Dependency inject or import application config?

Hi,

I am currently storing application config in a struct (created from .env file at application boot) and dependency inject only the relevant ones where they are needed. See a dumb example below please.

// Assume that the cnf is a multidimensional struct in config.go.

// cmd/main.go
whoAreYou(cnf.App.Name, cnf.Env, cnf.Build.Ver)

// internal/hello.go
func whoAreYou(name, env string, ver int) string {
   return fmt.Sprintf("%s %s %d", name, env, ver)
}

What I was thinking is that, is this really a Go-ish way of working? I mean is it not better to just store whole config in a variable and access/import it where ever it is needed just like we normally use log package?

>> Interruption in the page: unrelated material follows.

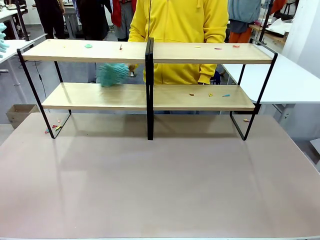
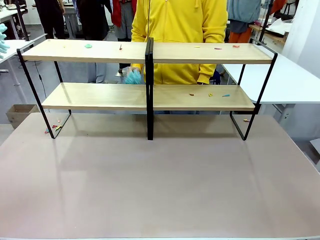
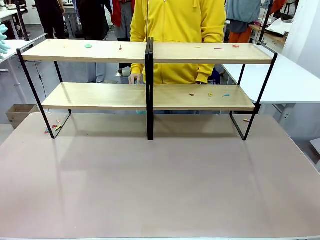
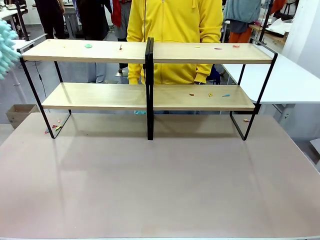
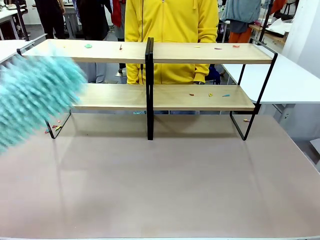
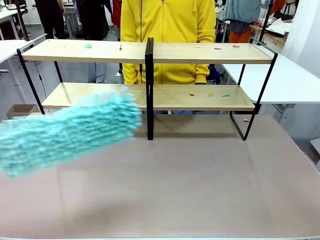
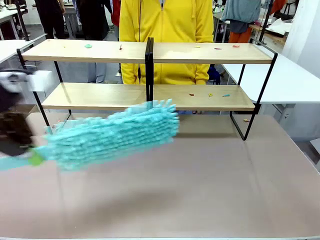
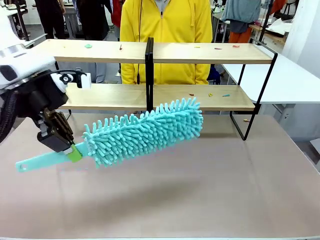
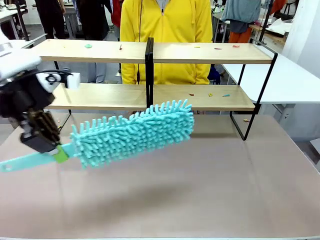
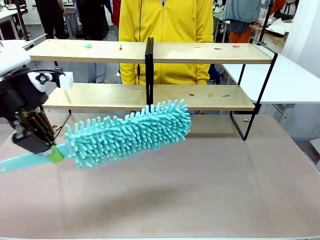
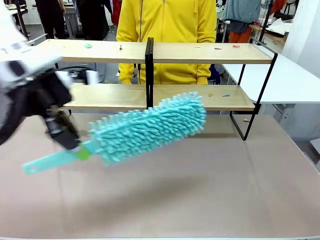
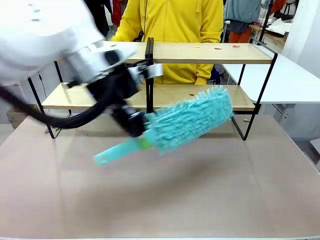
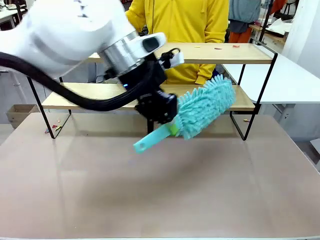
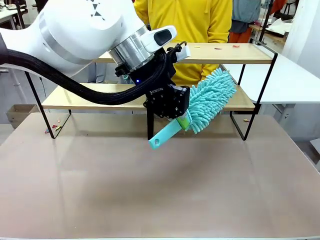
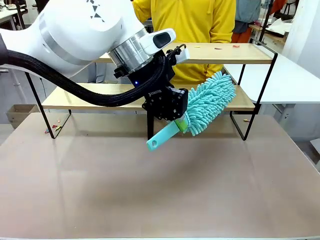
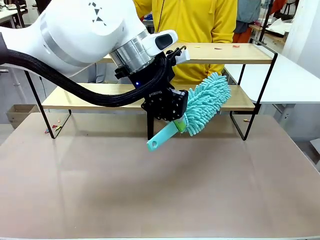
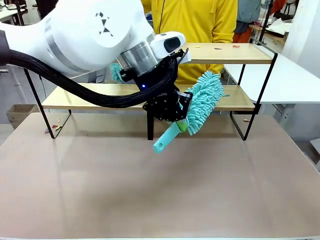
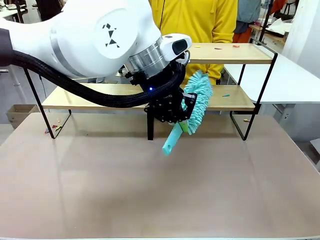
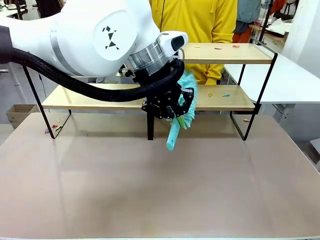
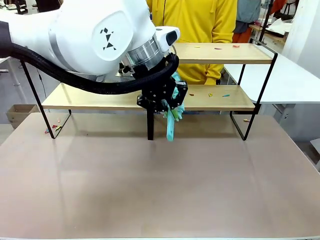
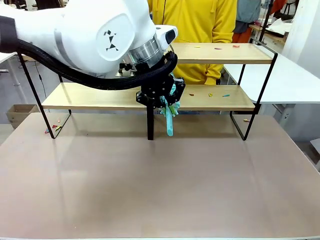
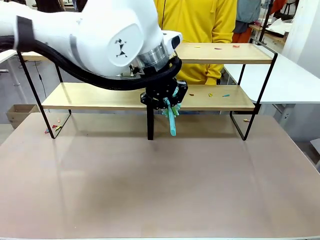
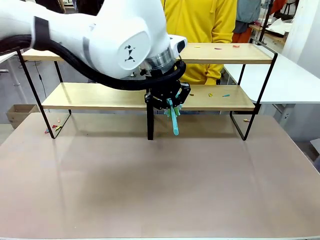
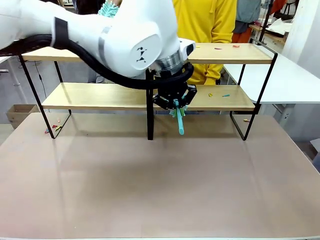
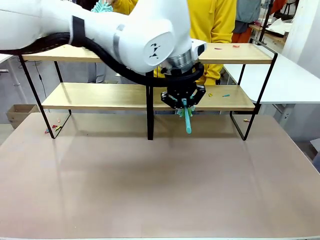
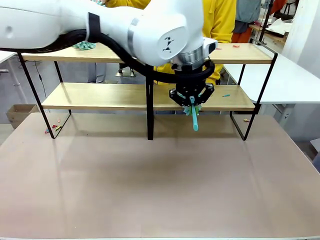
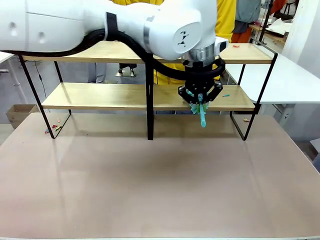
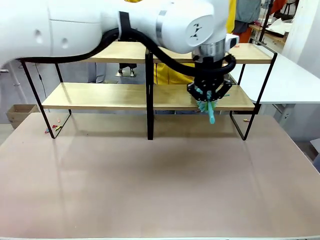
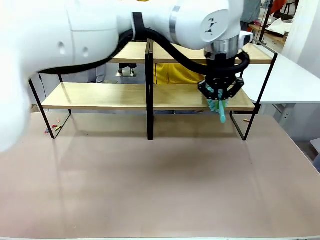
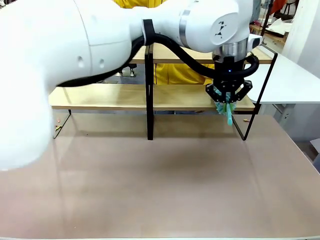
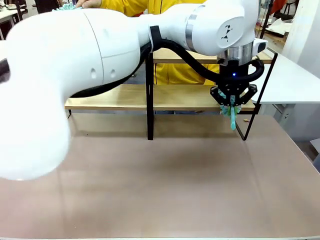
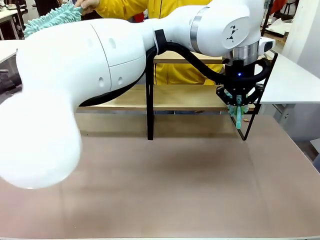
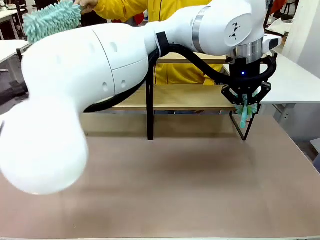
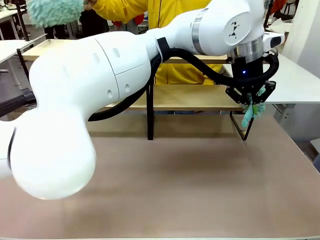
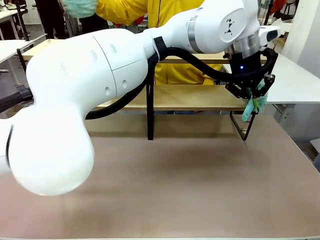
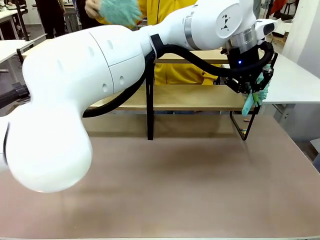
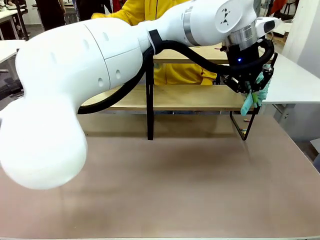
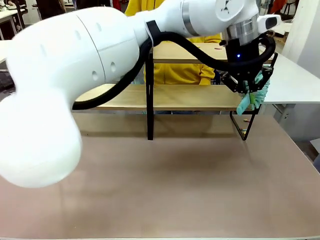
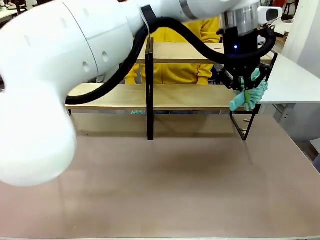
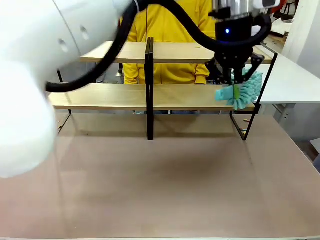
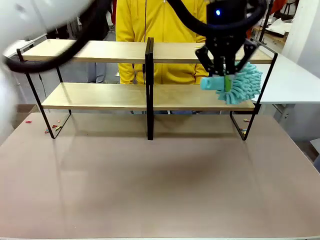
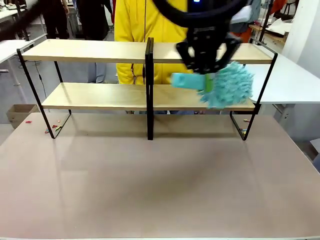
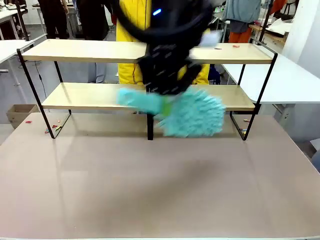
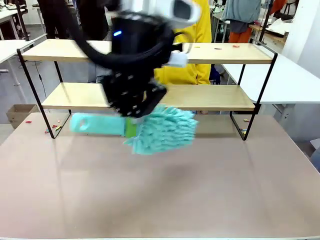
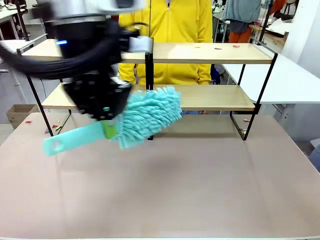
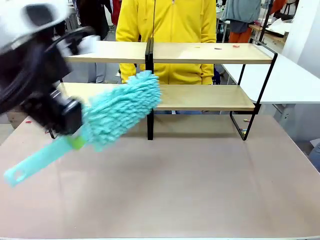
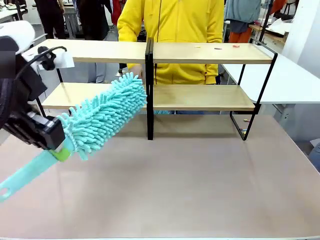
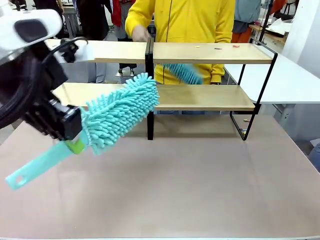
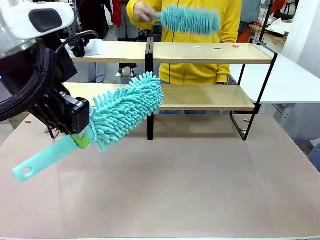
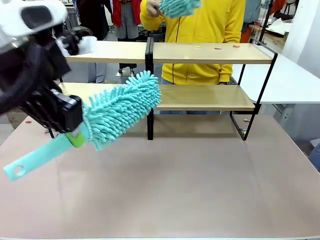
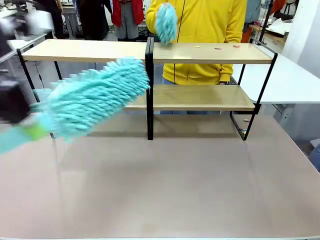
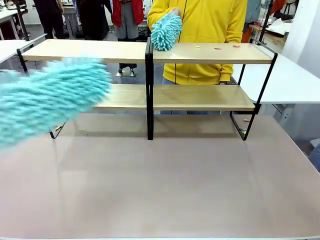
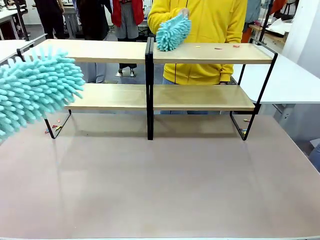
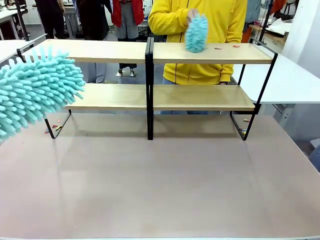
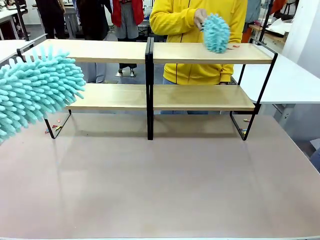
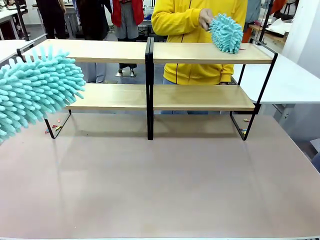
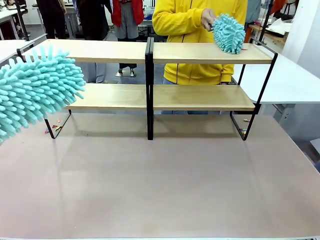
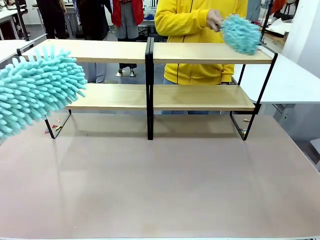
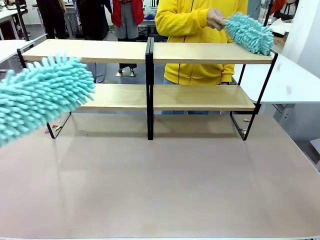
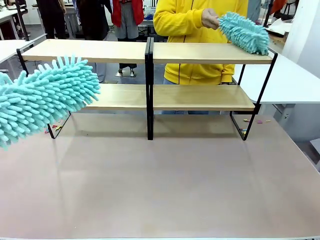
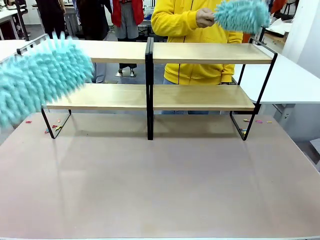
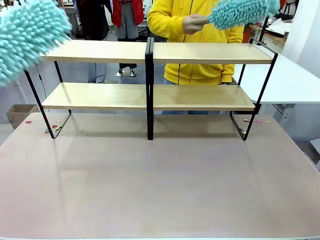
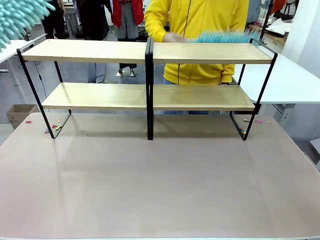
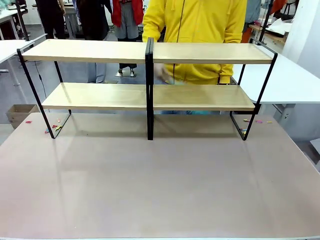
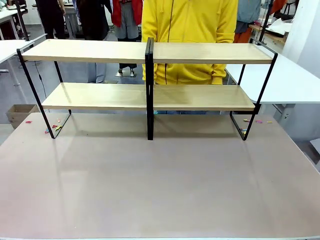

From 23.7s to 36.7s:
Task: Clean the shelves.
Robot: Clean another randomly selected level of the Shelf with the Duster.

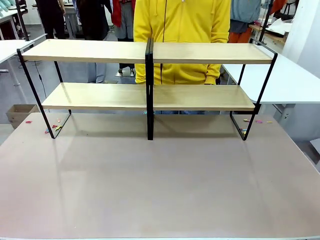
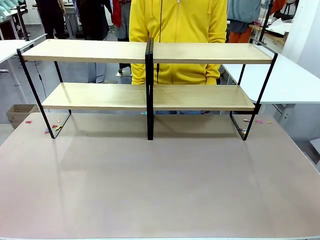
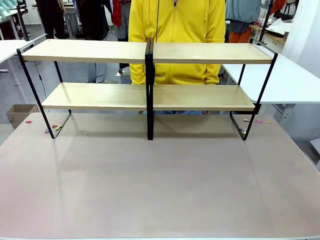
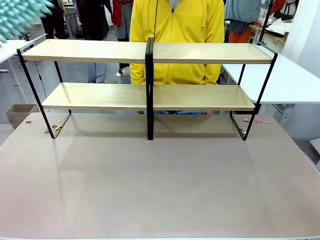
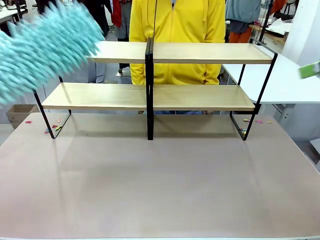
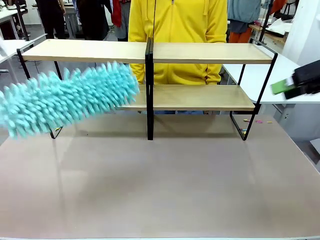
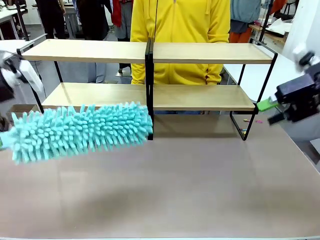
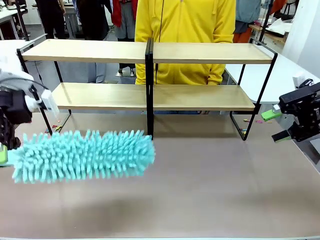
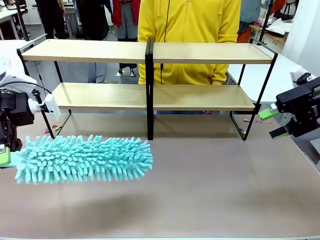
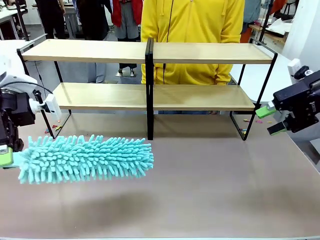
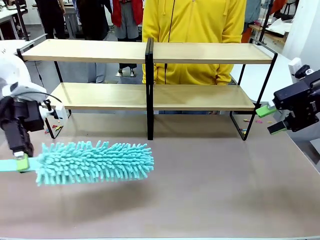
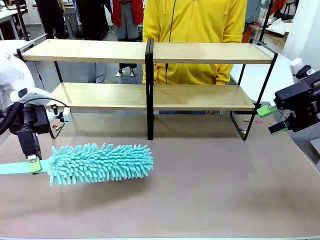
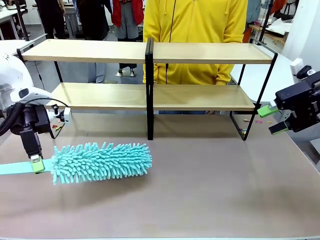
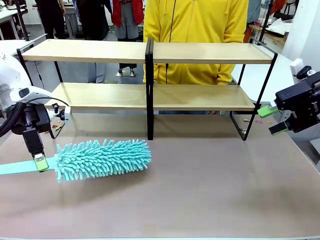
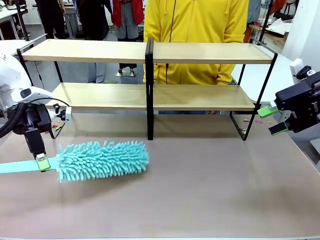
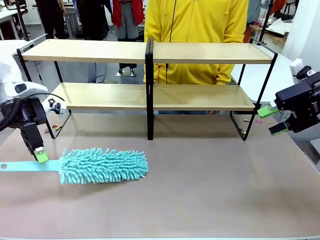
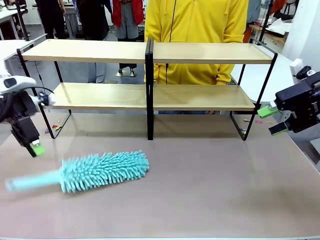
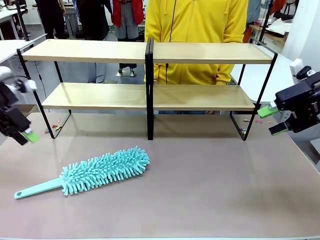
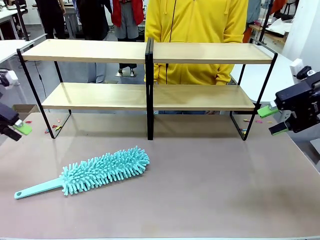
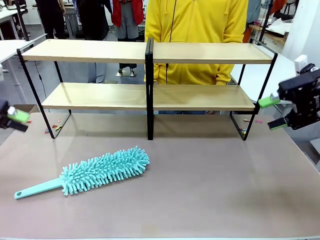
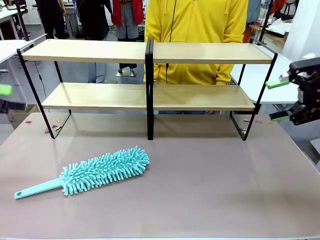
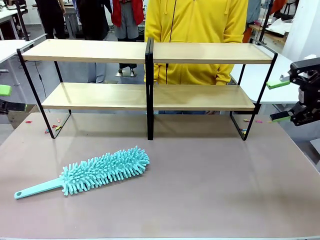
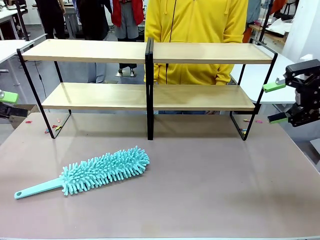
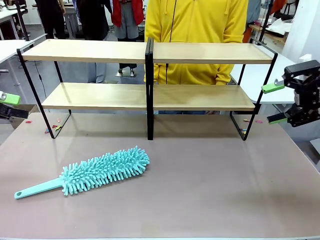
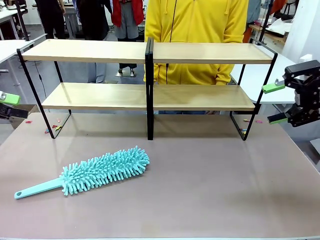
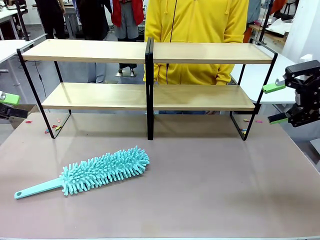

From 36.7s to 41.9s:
Robot: Place the Duster on the table.

The example then changes as below.

// Assume that the Cnf is a multidimensional struct stored as var in config.go.

// cmd/main.go
whoAreYou()

// internal/hello.go
inport "config"

func whoAreYou() string {
   return fmt.Sprintf("%s %s %d", config.Cnf.App.Name, config.Cnf.Env, config.Cnf.Build.Ver)
}

Thanks

Technically, being into a package you can consider the technique idiomatic but practically if your package is useful only for this application is more clean and easy to use a global variable to store configuration.

I wouldn’t use global configuration, it limits testing, especially parallel testing.

I wouldn’t use global configuration, it limits testing, especially parallel testing.

Assuming that the app is using 12 Factor rule for env vars and if the tests are your concern, you can always manually set env var(s) in your test and let your test case expect whatever it needs to. So I don’t think the tests would be enough reason to block implementing global config which is purely application specific thing.

it is true for app version, name kind of variables but not true for library/service dependencies. I assume OP wants to know how to use these dependencies within a function or a package.

and dependency inject only the relevant ones where they are needed

1 Like

The config contains application specific vars so they are only relevant to the application itself. All the go files in the application are not shared across any other external app or package. It is like, you have money in your pocket and that money only for you to spend. No one is meant to put their hand into your pocket unless there is a pick-pocket which is a bug

I’ll stick with the current implementation which doesn’t make use of global var for config after reading some posts and this.